— Directions for this task —
Though the records contain pictures, copy none of them; repeat exactly the lines from the one with "0.9 sec on from image 1." to the end.

---+---

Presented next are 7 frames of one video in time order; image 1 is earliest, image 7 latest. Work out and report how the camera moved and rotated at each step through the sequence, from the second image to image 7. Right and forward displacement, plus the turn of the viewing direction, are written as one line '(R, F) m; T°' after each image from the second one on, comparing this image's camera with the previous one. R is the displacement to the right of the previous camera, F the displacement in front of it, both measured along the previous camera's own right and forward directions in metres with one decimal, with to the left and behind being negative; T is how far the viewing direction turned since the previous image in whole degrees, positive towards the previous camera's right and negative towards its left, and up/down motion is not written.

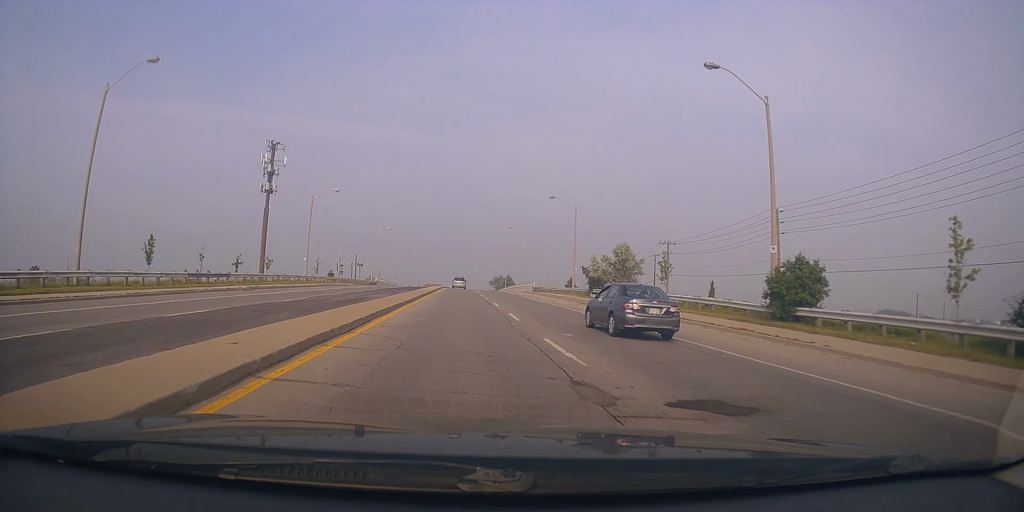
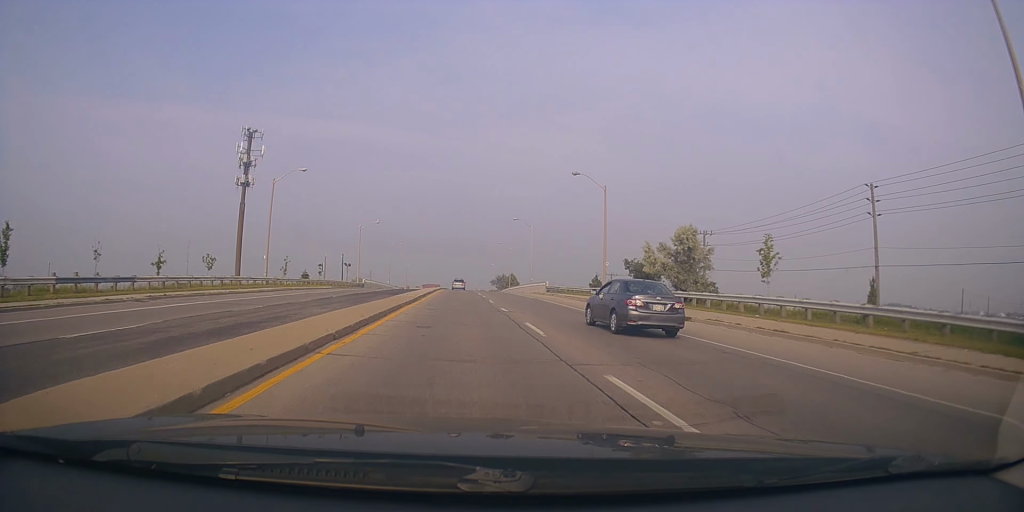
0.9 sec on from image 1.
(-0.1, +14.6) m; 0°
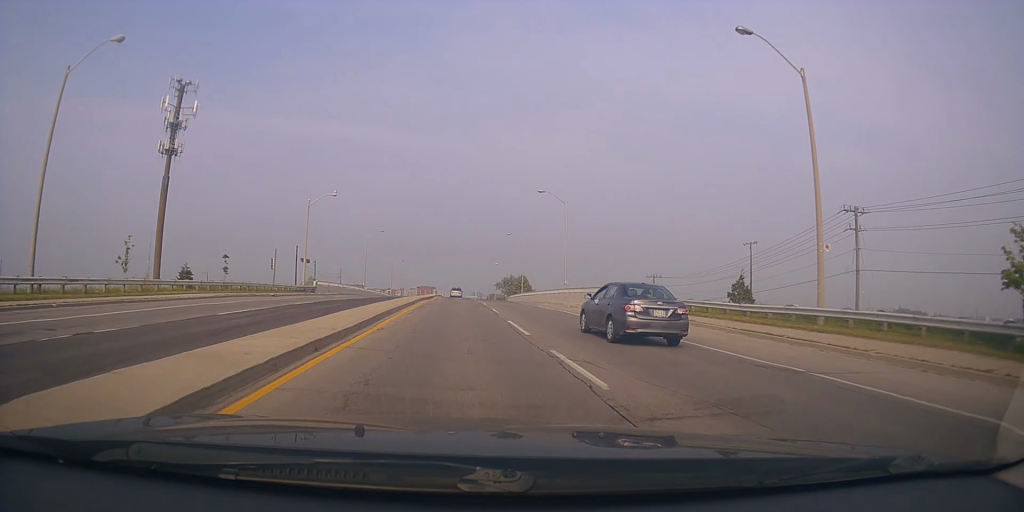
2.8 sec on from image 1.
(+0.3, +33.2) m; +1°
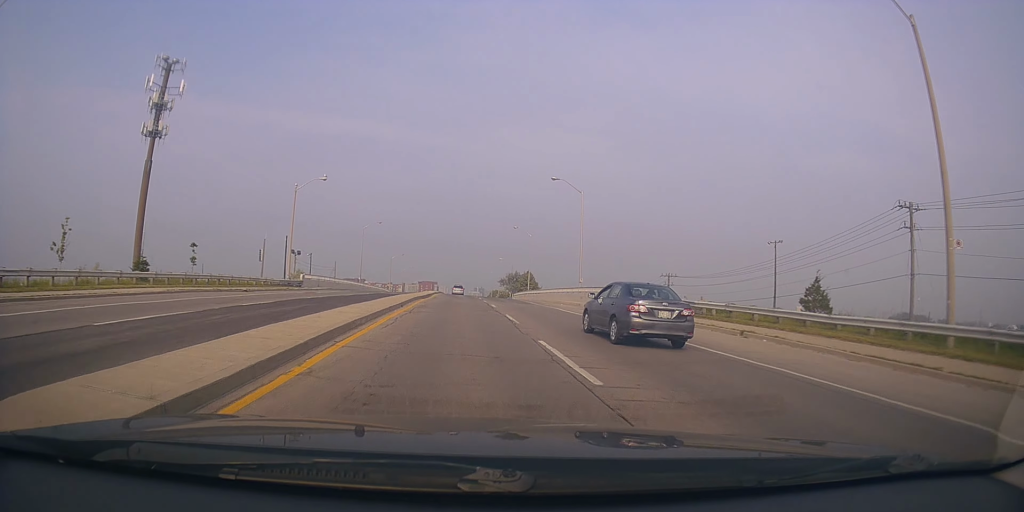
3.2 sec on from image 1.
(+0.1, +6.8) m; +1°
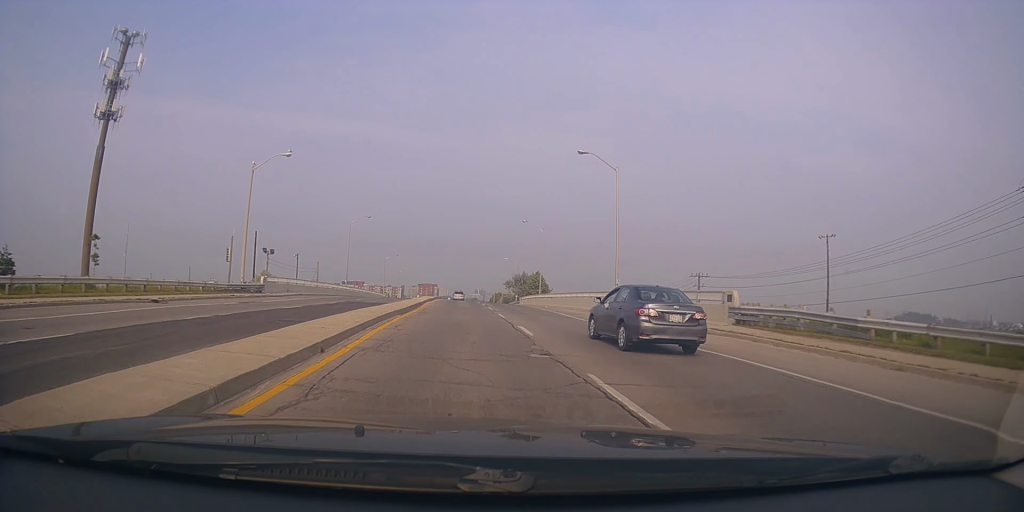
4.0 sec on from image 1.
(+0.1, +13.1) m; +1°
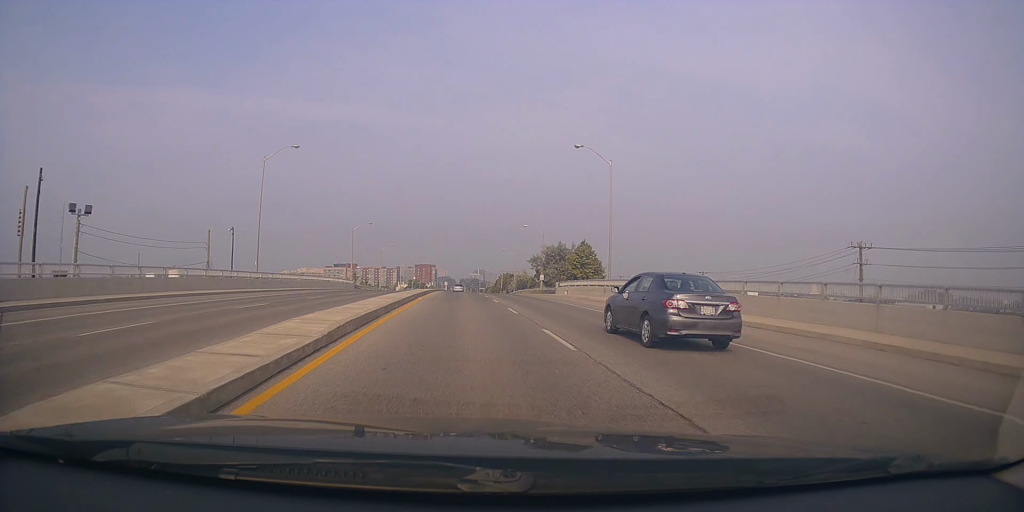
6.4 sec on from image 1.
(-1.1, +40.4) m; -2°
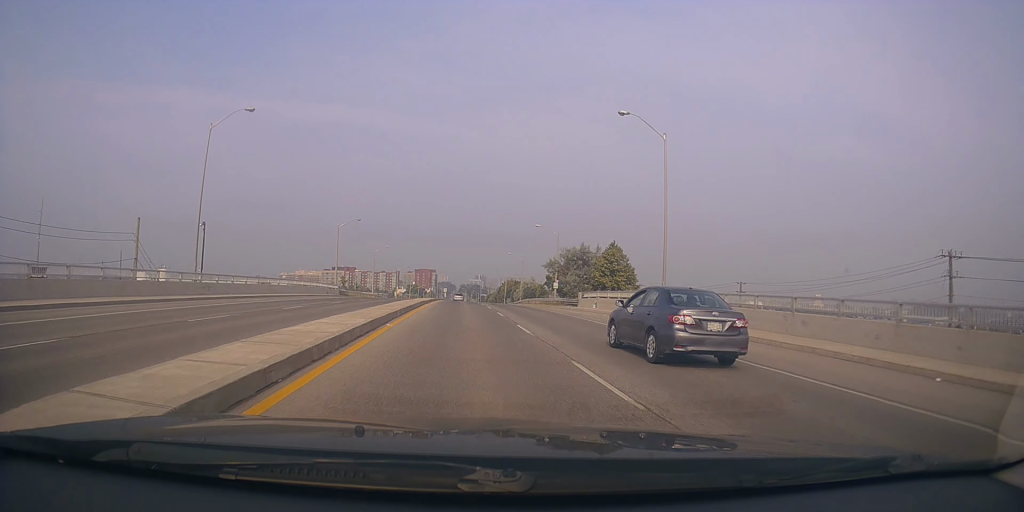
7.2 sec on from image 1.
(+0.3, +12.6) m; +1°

---+---

— Task solution —
0.9 sec on from image 1.
(-0.1, +14.6) m; 0°
2.8 sec on from image 1.
(+0.3, +33.2) m; +1°
3.2 sec on from image 1.
(+0.1, +6.8) m; +1°
4.0 sec on from image 1.
(+0.1, +13.1) m; +1°
6.4 sec on from image 1.
(-1.1, +40.4) m; -2°
7.2 sec on from image 1.
(+0.3, +12.6) m; +1°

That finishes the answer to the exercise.